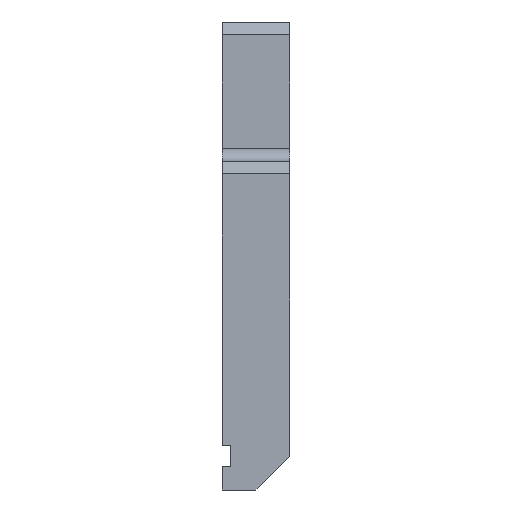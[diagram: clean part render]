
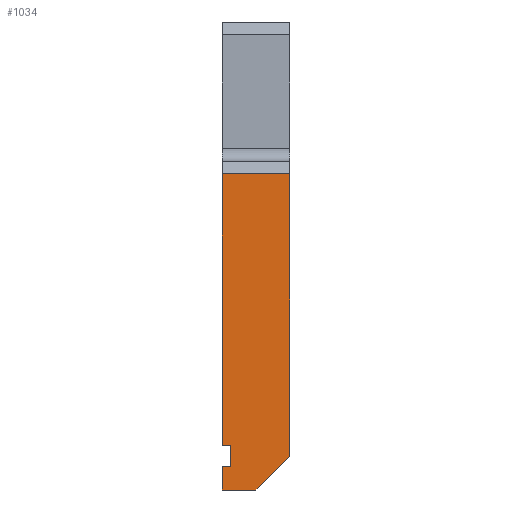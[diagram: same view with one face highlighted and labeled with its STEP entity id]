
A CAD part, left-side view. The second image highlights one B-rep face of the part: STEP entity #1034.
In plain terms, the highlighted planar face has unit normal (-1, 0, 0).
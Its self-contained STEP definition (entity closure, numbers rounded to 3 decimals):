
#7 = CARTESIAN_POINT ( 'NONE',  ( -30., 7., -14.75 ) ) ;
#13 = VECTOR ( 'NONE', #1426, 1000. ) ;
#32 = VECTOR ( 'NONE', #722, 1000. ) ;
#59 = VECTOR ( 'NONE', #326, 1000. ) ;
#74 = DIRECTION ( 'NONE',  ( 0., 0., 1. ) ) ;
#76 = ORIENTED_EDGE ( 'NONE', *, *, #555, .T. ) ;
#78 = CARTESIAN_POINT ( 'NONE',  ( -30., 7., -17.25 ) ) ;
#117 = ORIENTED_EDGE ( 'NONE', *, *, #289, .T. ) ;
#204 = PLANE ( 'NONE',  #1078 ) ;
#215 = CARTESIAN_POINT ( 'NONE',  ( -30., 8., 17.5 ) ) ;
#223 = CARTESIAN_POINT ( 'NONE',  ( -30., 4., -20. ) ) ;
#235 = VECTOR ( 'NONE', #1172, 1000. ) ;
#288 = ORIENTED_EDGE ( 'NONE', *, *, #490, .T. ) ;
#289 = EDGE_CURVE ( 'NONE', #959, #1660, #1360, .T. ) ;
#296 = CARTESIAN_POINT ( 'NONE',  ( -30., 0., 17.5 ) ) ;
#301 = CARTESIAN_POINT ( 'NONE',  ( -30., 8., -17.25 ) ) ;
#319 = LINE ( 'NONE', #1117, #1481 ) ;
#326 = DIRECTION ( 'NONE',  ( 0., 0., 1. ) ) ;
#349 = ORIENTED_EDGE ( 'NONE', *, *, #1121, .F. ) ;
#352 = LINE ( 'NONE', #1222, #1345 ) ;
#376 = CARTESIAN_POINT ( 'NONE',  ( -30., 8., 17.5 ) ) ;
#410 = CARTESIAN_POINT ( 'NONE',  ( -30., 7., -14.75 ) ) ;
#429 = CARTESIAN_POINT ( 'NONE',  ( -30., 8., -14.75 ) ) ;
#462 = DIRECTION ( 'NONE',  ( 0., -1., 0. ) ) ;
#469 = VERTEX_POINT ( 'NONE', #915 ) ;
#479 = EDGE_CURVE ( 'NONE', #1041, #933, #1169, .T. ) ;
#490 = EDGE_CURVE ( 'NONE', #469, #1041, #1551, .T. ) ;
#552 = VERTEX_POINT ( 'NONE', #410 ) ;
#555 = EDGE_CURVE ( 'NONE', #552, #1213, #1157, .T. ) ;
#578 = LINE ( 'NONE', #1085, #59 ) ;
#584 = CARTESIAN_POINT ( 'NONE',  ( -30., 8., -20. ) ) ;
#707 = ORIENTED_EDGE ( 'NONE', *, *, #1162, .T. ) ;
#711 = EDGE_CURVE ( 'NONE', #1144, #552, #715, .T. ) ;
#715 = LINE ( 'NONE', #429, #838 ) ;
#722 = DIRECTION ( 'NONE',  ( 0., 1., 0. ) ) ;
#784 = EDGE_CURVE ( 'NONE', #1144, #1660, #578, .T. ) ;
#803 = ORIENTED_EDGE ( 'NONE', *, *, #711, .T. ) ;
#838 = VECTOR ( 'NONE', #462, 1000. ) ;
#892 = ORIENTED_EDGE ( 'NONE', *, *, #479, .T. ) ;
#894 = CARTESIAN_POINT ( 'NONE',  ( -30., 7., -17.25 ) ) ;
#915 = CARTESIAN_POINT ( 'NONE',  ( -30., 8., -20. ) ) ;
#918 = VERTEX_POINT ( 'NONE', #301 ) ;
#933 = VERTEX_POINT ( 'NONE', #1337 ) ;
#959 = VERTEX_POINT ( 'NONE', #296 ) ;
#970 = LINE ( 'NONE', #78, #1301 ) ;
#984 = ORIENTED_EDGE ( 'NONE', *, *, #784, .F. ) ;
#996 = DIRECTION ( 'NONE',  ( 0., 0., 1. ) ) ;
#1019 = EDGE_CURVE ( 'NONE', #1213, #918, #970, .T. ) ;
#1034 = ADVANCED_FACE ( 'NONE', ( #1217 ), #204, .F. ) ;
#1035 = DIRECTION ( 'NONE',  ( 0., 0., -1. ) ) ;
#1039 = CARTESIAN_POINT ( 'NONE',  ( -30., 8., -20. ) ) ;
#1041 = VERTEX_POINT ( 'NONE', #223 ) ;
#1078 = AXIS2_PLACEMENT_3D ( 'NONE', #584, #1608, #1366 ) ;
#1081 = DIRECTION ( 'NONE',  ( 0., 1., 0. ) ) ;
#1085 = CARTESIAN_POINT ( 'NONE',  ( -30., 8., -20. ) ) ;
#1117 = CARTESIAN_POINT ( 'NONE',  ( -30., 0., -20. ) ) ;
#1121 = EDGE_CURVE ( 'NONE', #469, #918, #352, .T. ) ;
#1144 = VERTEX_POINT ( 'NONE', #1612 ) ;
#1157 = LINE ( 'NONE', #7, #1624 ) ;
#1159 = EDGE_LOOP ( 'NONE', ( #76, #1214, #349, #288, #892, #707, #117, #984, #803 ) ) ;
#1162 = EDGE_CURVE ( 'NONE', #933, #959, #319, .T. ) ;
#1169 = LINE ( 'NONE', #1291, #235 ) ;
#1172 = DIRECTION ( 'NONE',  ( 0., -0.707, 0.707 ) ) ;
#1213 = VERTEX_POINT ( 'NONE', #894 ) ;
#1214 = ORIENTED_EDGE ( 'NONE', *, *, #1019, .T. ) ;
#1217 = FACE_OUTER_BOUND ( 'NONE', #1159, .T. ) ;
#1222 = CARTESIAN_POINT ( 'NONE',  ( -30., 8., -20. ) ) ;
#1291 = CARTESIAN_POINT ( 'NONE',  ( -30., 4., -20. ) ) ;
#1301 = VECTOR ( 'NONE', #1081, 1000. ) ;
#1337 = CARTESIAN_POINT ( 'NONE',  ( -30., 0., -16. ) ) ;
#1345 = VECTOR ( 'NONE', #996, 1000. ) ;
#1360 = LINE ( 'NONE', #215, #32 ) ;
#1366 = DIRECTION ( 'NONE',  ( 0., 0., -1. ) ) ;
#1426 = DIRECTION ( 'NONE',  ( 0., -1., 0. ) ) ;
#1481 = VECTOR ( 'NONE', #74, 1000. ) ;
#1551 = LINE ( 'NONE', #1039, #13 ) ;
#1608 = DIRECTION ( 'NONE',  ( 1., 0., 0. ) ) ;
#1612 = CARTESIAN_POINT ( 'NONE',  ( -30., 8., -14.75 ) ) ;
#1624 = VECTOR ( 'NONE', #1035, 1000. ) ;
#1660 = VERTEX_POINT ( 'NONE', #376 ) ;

• [YOUR GOAL] Your output should be the lines from the one with "#1172 = DIRECTION" through the end of the records above, copied exactly.

• [ANSWER TO THE EXERCISE]
#1172 = DIRECTION ( 'NONE',  ( 0., -0.707, 0.707 ) ) ;
#1213 = VERTEX_POINT ( 'NONE', #894 ) ;
#1214 = ORIENTED_EDGE ( 'NONE', *, *, #1019, .T. ) ;
#1217 = FACE_OUTER_BOUND ( 'NONE', #1159, .T. ) ;
#1222 = CARTESIAN_POINT ( 'NONE',  ( -30., 8., -20. ) ) ;
#1291 = CARTESIAN_POINT ( 'NONE',  ( -30., 4., -20. ) ) ;
#1301 = VECTOR ( 'NONE', #1081, 1000. ) ;
#1337 = CARTESIAN_POINT ( 'NONE',  ( -30., 0., -16. ) ) ;
#1345 = VECTOR ( 'NONE', #996, 1000. ) ;
#1360 = LINE ( 'NONE', #215, #32 ) ;
#1366 = DIRECTION ( 'NONE',  ( 0., 0., -1. ) ) ;
#1426 = DIRECTION ( 'NONE',  ( 0., -1., 0. ) ) ;
#1481 = VECTOR ( 'NONE', #74, 1000. ) ;
#1551 = LINE ( 'NONE', #1039, #13 ) ;
#1608 = DIRECTION ( 'NONE',  ( 1., 0., 0. ) ) ;
#1612 = CARTESIAN_POINT ( 'NONE',  ( -30., 8., -14.75 ) ) ;
#1624 = VECTOR ( 'NONE', #1035, 1000. ) ;
#1660 = VERTEX_POINT ( 'NONE', #376 ) ;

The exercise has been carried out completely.